Minecraft is an open-ended environment that allows for the training of AI. Baker was one of the researchers behind Hide & Seek, a project in which bots were let loose in a virtual playground where they used reinforcement learning to figure out how to cooperate and use tools to win simple games. The bots quickly outgrew their environment. Baker says that the agents “almost took over the universe, there was nothing for them to do.” “We wanted it to grow and we thought Minecraft would be a great place to do so.”
They’re not the only ones. Minecraft is becoming a key testbed for new AI techniques. MineDojo, a Minecraft environment with dozens of predesigned challenges, won an award at this year’s NeurIPS, one of the biggest AI conferences.
Using VPT, OpenAI’s bot was able to carry out tasks that would have been impossible using reinforcement learning alone, such as crafting planks and turning them into a table, which involves around 970 consecutive actions. They found that reinforcement learning and imitation learning combined produced the best results. Taking a bot trained with VPT and fine-tuning it with reinforcement learning allowed it to carry out tasks involving more than 20,000 consecutive actions.
The researchers claim that their approach could be used to train AI to carry out other tasks. It could be used for bots that use a keyboard or mouse to navigate websites, book flights, or order groceries online. But in theory it could be used to train robots to carry out physical, real-world tasks by copying first-person video of people doing those things. Stone says that it is possible.
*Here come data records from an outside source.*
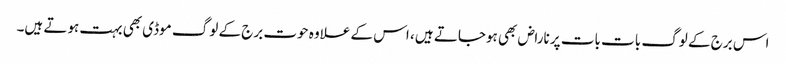
اس برج کے لوگ بات بات پر ناراض بھی ہوجاتے ہیں ، اس کے علاوہ حوت برج کے لوگ موڈی بھی بہت ہوتے ہیں۔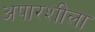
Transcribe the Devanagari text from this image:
अपारशीला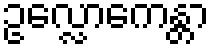
ဥလ္လောကေန္တာ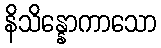
နိသိန္နောကာသော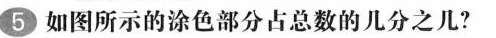
5 如图所示的涂色部分占总数的几分之几?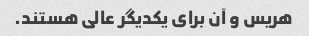
هریس و آن برای یکدیگر عالی هستند.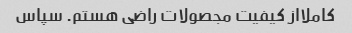
کاملااز کیفیت مجصولات راضی هستم. سپاس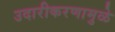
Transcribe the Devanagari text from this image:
उदारीकरणामुळे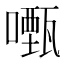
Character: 𭋡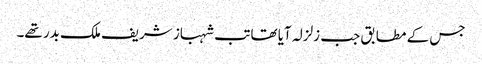
جس کے مطابق جب زلزلہ آیا تھا تب شہباز شریف ملک بدر تھے۔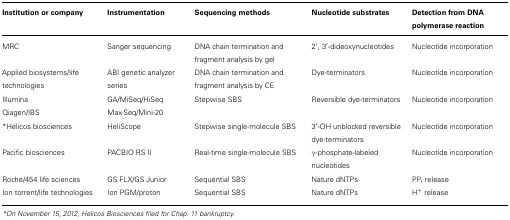
| Institution or company | Instrumentation | Sequencing methods | Nucleotide substrates | Detection from DNA polymerase reaction |
 | --- | --- | --- | --- | --- |
 | MRC | Sanger sequencing | DNA chain termination and fragment analysis by gel | 2′, 3′-dideoxynucleotides | Nucleotide incorporation |
 | Applied biosystems/life technologies | ABI genetic analyzer series | DNA chain termination and fragment analysis by CE | Dye-terminators | Nucleotide incorporation |
 | Illumina Qiagen/IBS | GA/MiSeq/HiSeq Max-Seq/Mini-20 | Stepwise SBS | Reversible dye-terminators | Nucleotide incorporation |
 | *Helicos biosciences | HeliScope | Stepwise single-molecule SBS | 3′-OH unblocked reversible dye-terminators | Nucleotide incorporation |
 | Pacific biosciences | PACBIO RS II | Real-time single-molecule SBS | γ-phosphate-labeled nucleotides | Nucleotide incorporation |
 | Roche/454 life sciences | GS FLX/GS Junior | Sequential SBS | Nature dNTPs | PPi release |
 | Ion torrent/life technologies | Ion PGM/proton | Sequential SBS | Nature dNTPs | H+ release |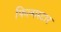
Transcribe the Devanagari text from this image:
फिल्मस्टार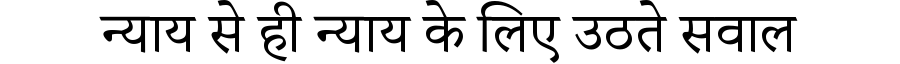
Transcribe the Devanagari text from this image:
न्याय से ही न्याय के लिए उठते सवाल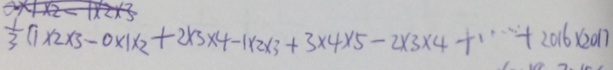
= \frac { 1 } { 3 } ( 1 \times 2 \times 3 - 0 \times 1 \times 2 + 2 \times 3 \times 4 - 1 \times 2 \times 3 + 3 \times 4 \times 5 - 2 \times 3 \times 4 + \cdots + 2 0 1 6 \times 2 0 1 7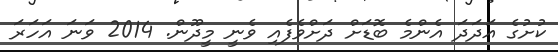
ކުށުގެ އަދަދަ އެންމެ ބޮޑަށް ދަށްވެފެއި ވެނީ މީދޫން. 2014 ވަނަ އަހަރަ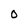
Character: O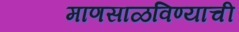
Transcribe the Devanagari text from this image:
माणसाळविण्याची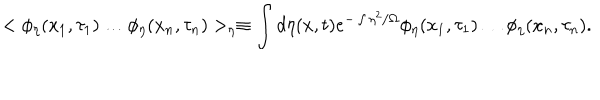
< \phi _ { \eta } ( x _ { 1 } , \tau _ { 1 } ) \ldots \phi _ { \eta } ( x _ { n } , \tau _ { n } ) > _ { \eta } \equiv \int d \eta ( x , t ) e ^ { - \int \eta ^ { 2 } / \Omega } \phi _ { \eta } ( x _ { 1 } , \tau _ { 1 } ) \ldots \phi _ { \eta } ( x _ { n } , \tau _ { n } ) .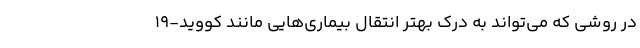
در روشی که می‌تواند به درک بهتر انتقال بیماری‌هایی مانند کووید-۱۹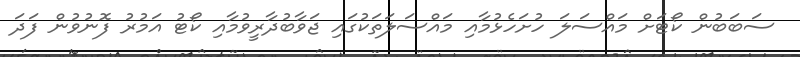
ސަބަބުން ކޯޓަށް މައްސަލަ ހުށަހެޅުމާއި މައްސަލަތަކުގައި ޖަވާބުދާރީވުމާއި ކޯޓު އަމުރު ފޮނުވުން ފަދަ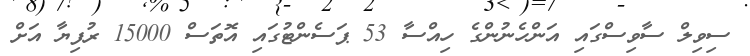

Matthew Gudzial, a Canadian university professor who used videos to teach AI rules of games such as Super Mario Bros., doesn’t think it will happen anytime soon. You can perform actions in games like Minecraft or Super Mario Bros. by pressing buttons. Actions in the real world are more complex and harder to learn for machines. Gudzial says, “It unlocks many new research problems.”
This work is yet another testament to the power of scaling models and training on large datasets to get high performance,” says Natasha Jaques who works on multi-agent reinforcement Learning at Google and the University of California in Berkeley. Jaques says Large internet-sized data sets will unlock new capabilities for AI.
Large internet-sized data sets will certainly unlock new capabilities for AI, says Jaques. It’s probably the best Minecraft-playing bot yet, says Baker: “But with more data and bigger models I would expect it to feel like you’re watching a human playing the game, as opposed to a baby AI trying to mimic a human.”
I’m a journalist who specializes in investigative reporting and writing. I have written for the New York Times and other publications.